Source records:
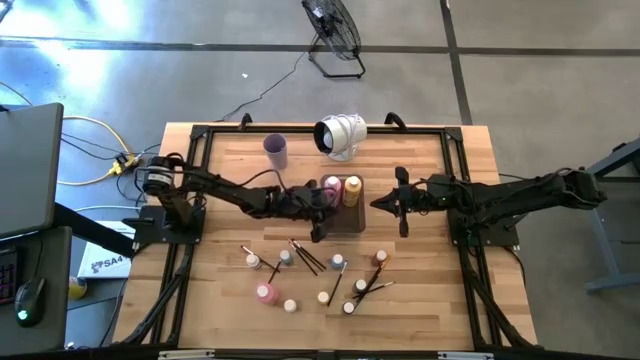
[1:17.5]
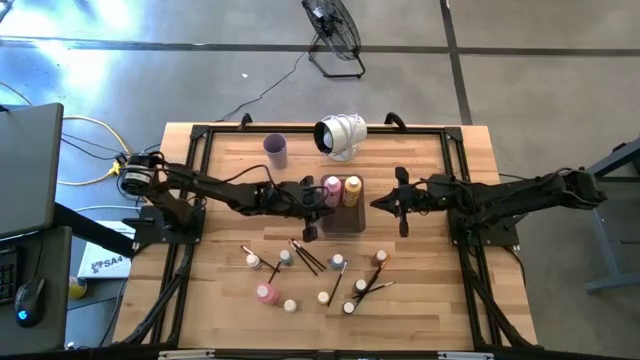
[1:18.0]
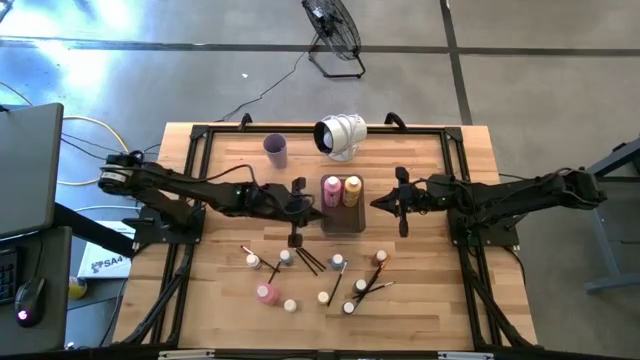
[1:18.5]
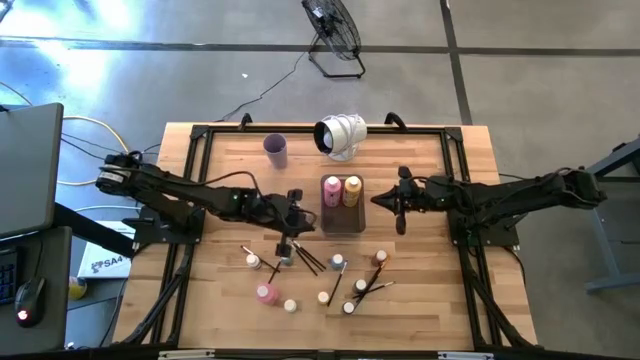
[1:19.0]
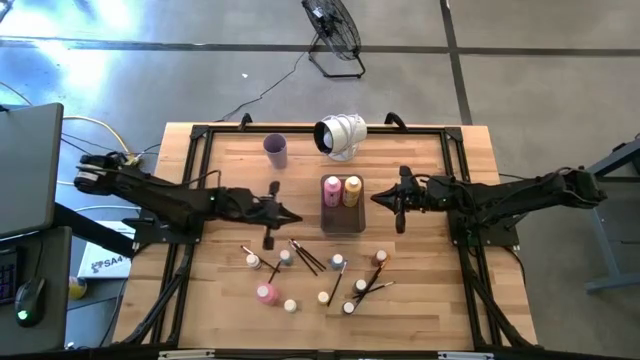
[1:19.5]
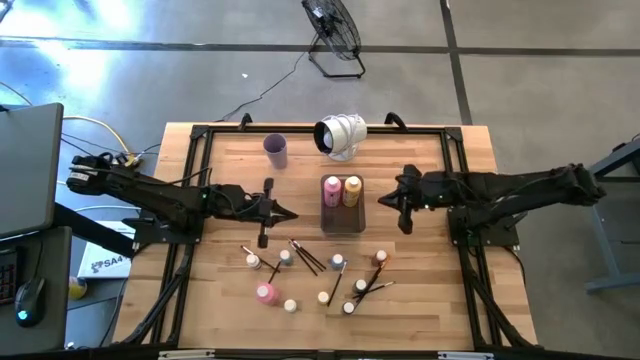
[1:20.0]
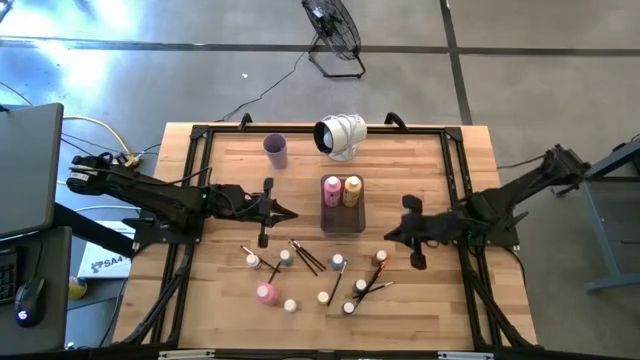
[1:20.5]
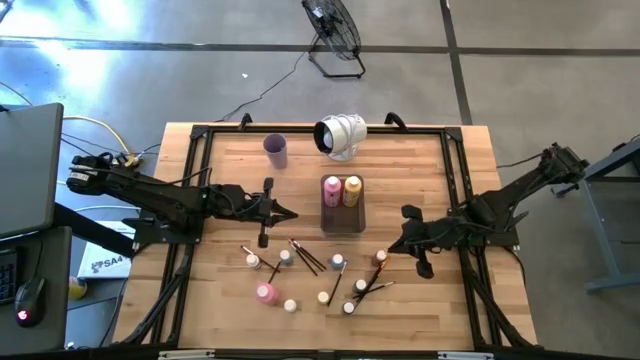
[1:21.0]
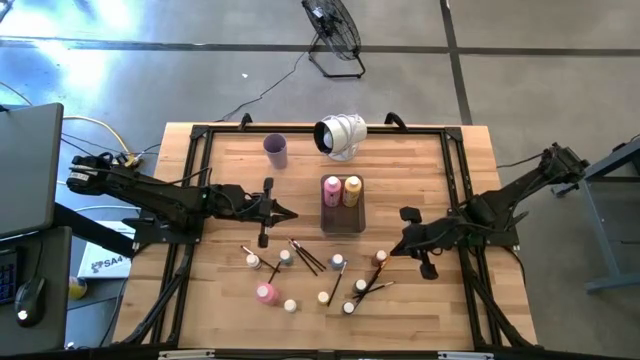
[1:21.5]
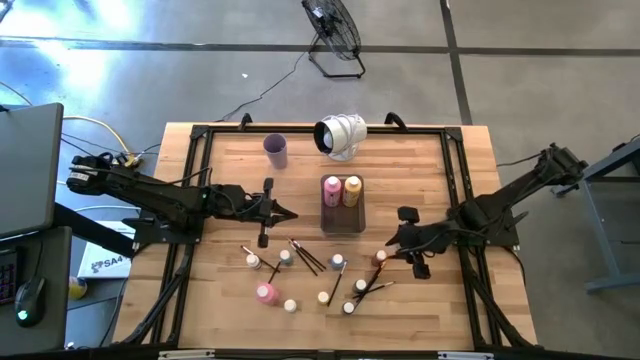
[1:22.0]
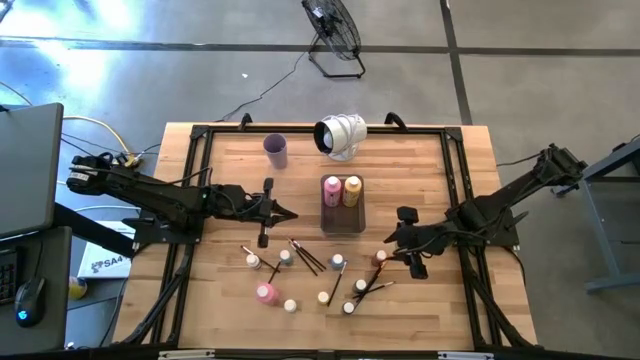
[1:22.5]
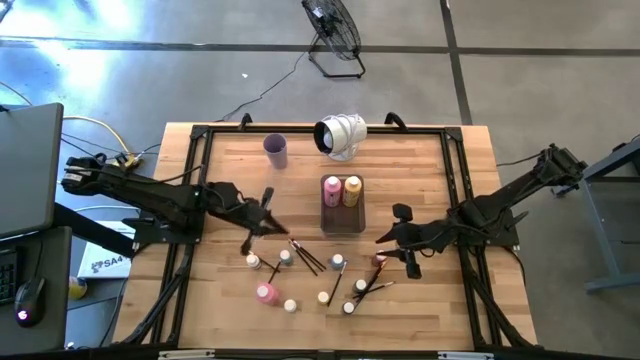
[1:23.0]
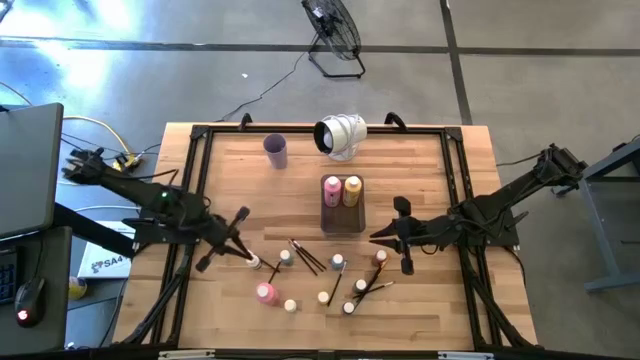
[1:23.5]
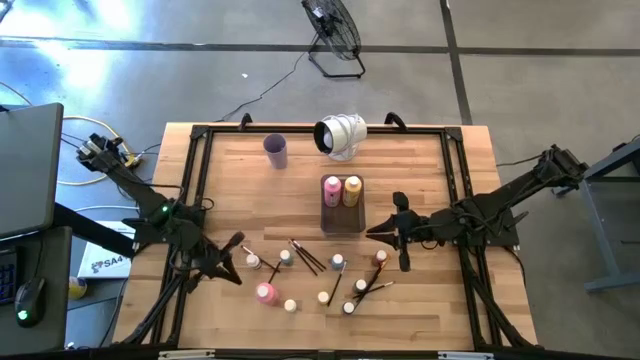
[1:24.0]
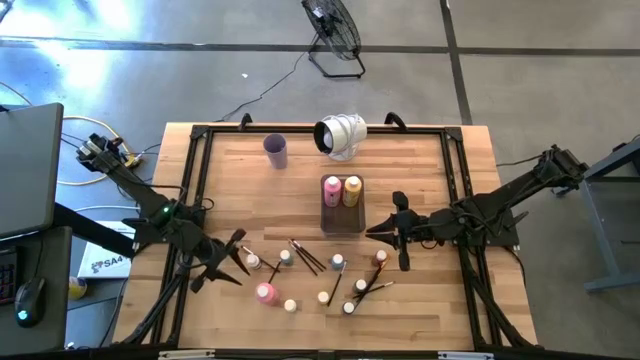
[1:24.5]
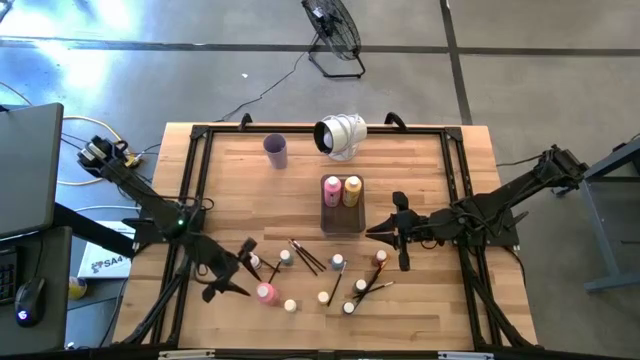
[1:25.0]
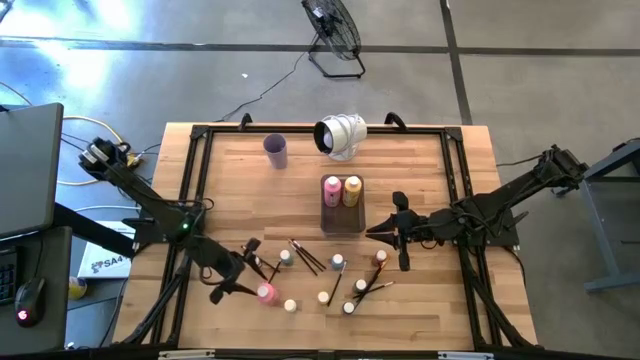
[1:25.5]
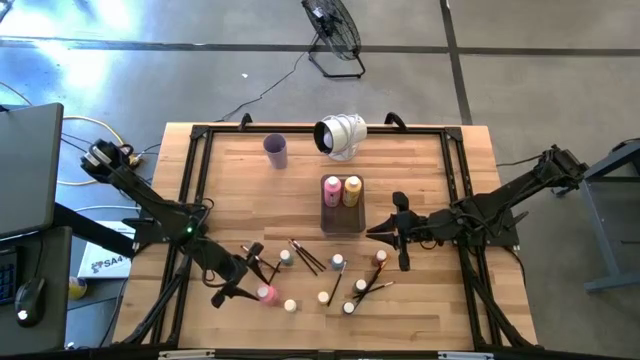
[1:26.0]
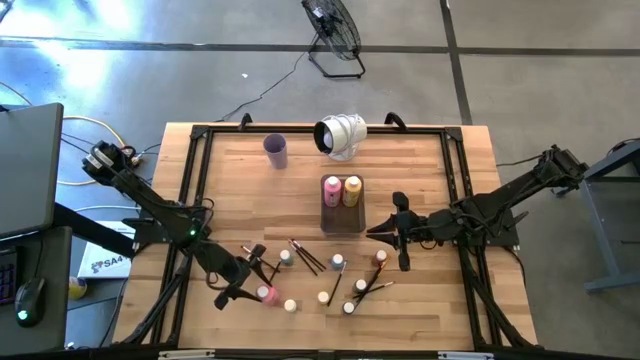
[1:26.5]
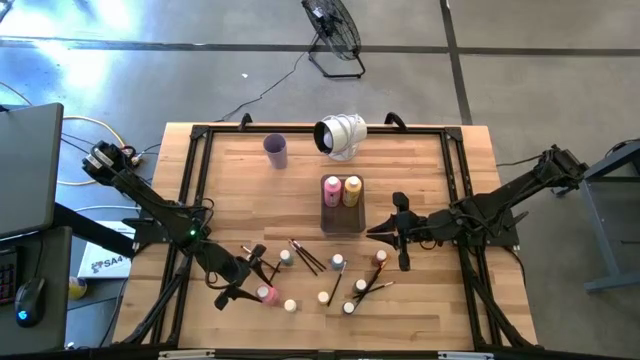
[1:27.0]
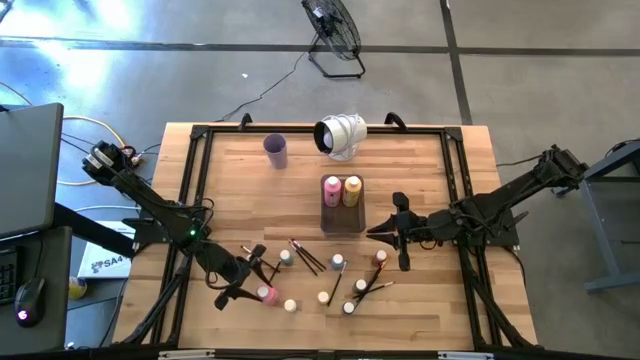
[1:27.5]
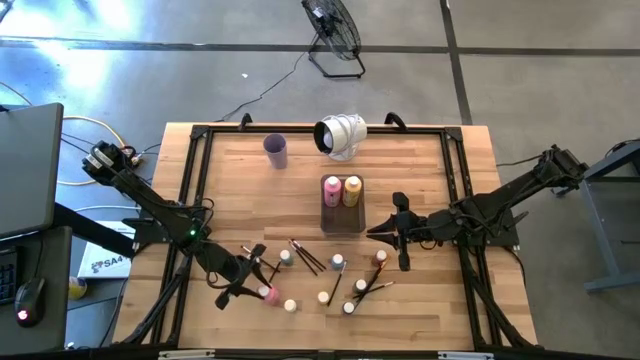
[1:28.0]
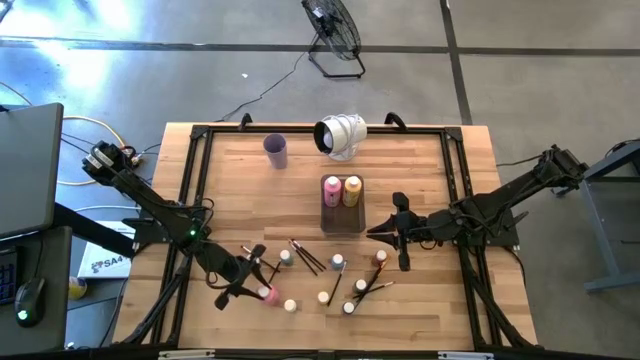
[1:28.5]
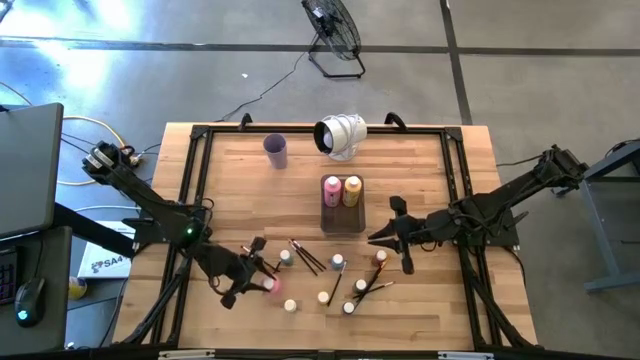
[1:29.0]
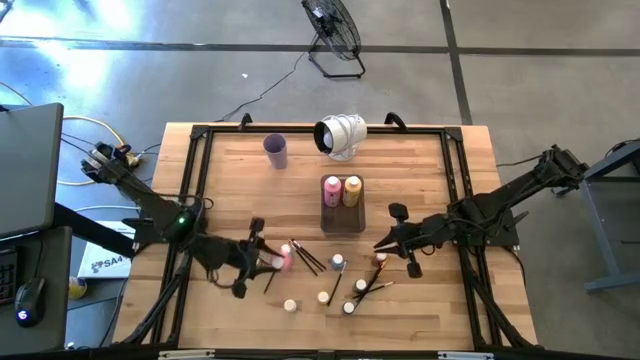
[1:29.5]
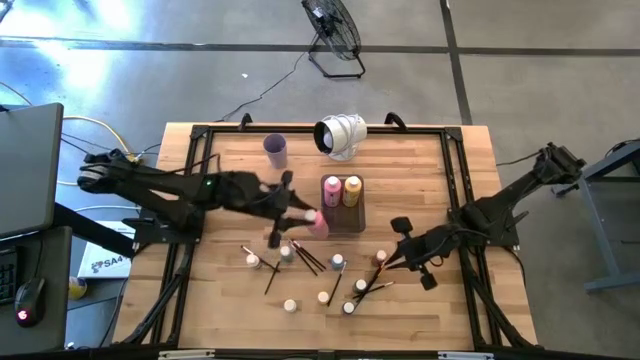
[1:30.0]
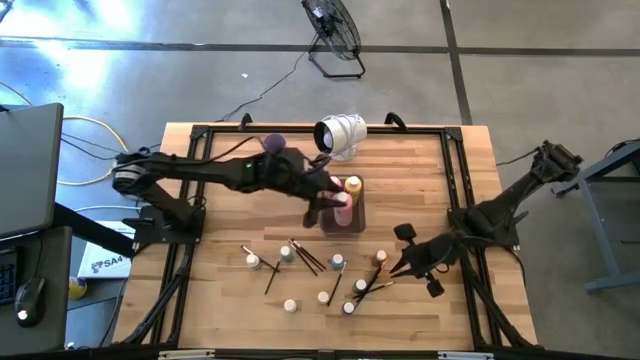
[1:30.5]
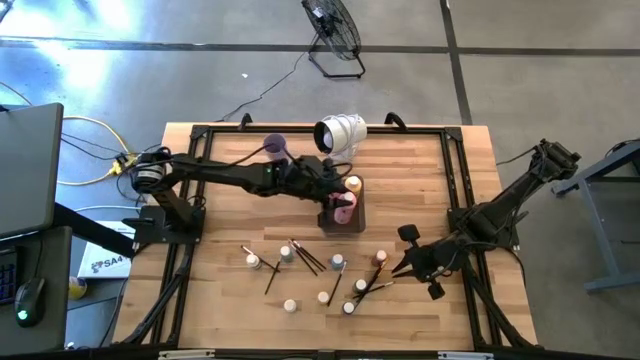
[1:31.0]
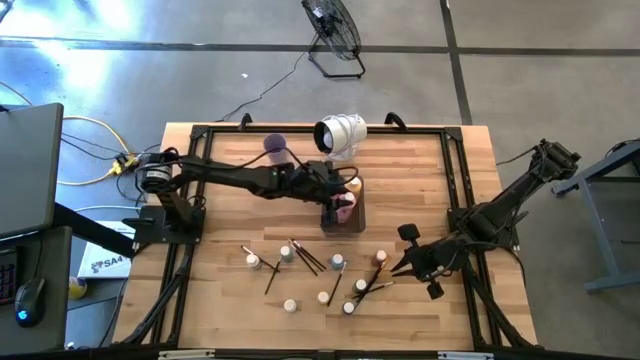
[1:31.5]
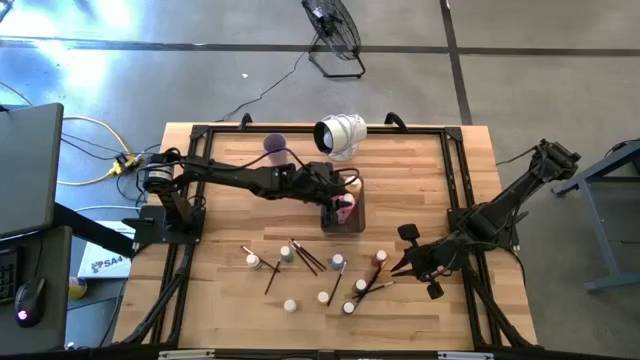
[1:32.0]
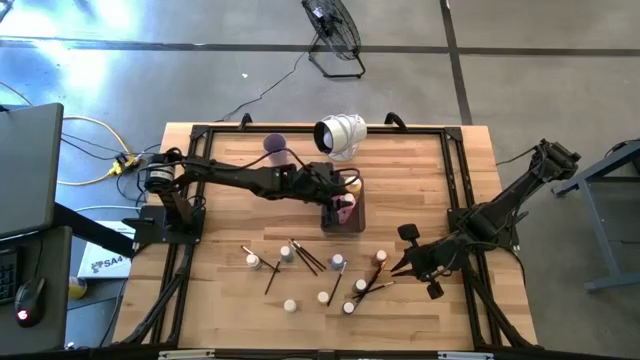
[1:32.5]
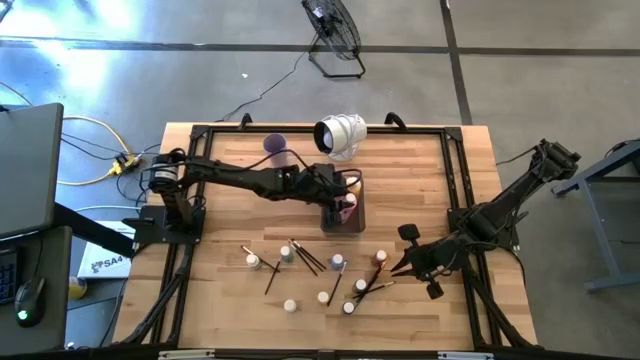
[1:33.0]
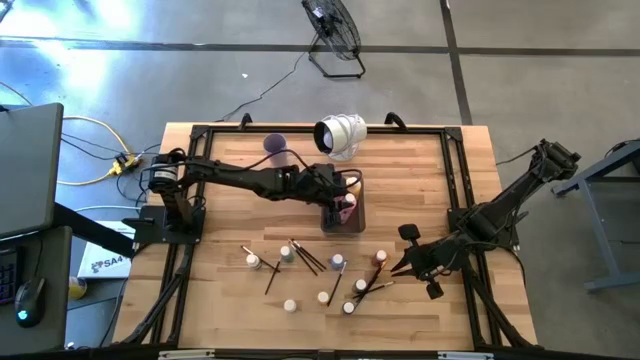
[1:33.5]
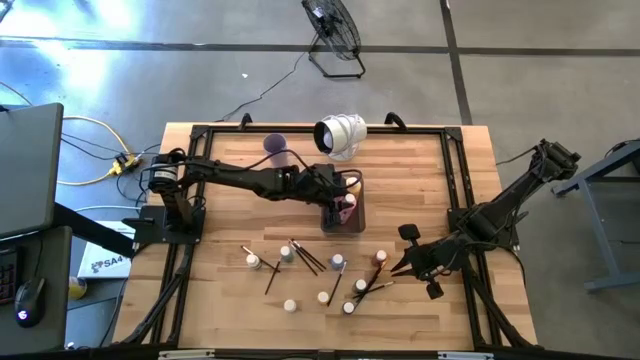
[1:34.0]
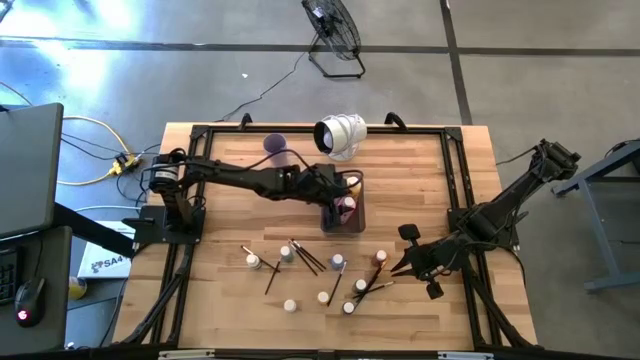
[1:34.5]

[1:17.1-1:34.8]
Task: Pick & Place Paint Supplies
Put the pink paint bottle into the black bin

WHAT THE TASK REQUIRES:
Reproduce every record above exactly as given, excluding pictures from the result.

REPLY TO THE TASK:
[1:17.5]
[1:18.0]
[1:18.5]
[1:19.0]
[1:19.5]
[1:20.0]
[1:20.5]
[1:21.0]
[1:21.5]
[1:22.0]
[1:22.5]
[1:23.0]
[1:23.5]
[1:24.0]
[1:24.5]
[1:25.0]
[1:25.5]
[1:26.0]
[1:26.5]
[1:27.0]
[1:27.5]
[1:28.0]
[1:28.5]
[1:29.0]
[1:29.5]
[1:30.0]
[1:30.5]
[1:31.0]
[1:31.5]
[1:32.0]
[1:32.5]
[1:33.0]
[1:33.5]
[1:34.0]
[1:34.5]

[1:17.1-1:34.8]
Task: Pick & Place Paint Supplies
Put the pink paint bottle into the black bin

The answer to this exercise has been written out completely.